> [Task objective]:
Copy exactly, and copy nothing else: the line that contains "Q: Is the spacing between lines" and all lines after it in the listing, without pictures.

Data provided section start

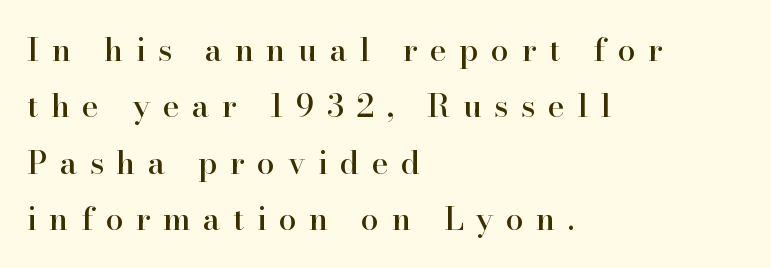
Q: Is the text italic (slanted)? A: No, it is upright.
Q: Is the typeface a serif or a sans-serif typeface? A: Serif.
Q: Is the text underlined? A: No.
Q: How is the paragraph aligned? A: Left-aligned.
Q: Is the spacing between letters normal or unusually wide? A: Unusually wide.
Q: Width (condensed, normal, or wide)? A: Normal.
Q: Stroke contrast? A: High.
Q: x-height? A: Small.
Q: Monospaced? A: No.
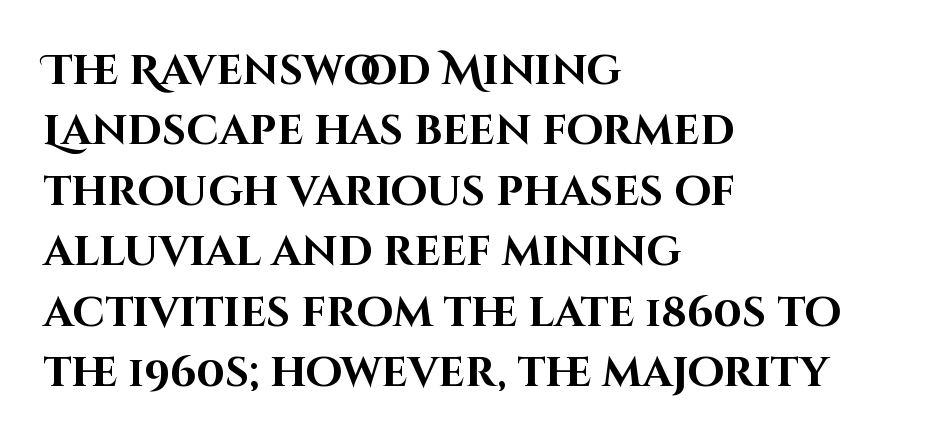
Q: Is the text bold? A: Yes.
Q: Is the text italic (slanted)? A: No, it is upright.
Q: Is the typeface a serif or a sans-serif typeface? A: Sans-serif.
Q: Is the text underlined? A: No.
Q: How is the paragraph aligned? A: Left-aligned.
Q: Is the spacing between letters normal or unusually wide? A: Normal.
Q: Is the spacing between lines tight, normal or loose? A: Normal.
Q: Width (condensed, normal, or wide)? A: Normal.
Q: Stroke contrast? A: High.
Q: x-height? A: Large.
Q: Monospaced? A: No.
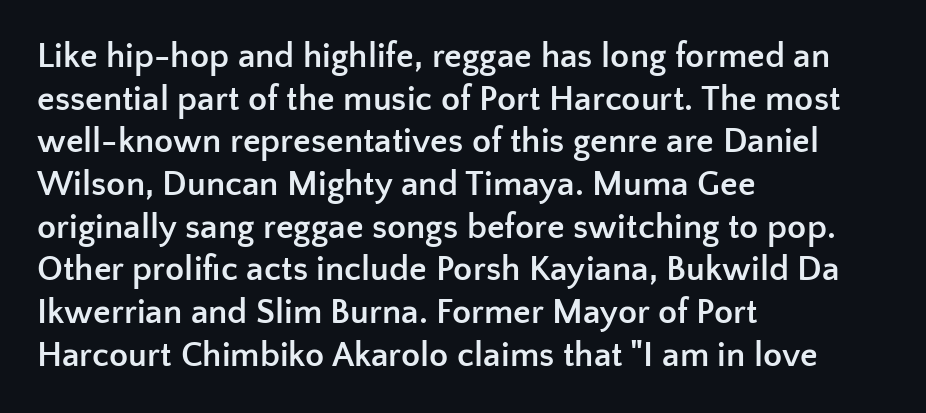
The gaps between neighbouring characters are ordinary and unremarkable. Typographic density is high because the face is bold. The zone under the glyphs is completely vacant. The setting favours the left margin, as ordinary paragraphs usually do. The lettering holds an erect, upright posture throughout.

Data provided section end

> [Answer area]:
Q: Is the spacing between lines tight, normal or loose? A: Normal.
Q: Width (condensed, normal, or wide)? A: Normal.
Q: Stroke contrast? A: High.
Q: x-height? A: Large.
Q: Monospaced? A: No.
The gaps between neighbouring characters are ordinary and unremarkable. Typographic density is high because the face is bold. The zone under the glyphs is completely vacant. The setting favours the left margin, as ordinary paragraphs usually do. The lettering holds an erect, upright posture throughout.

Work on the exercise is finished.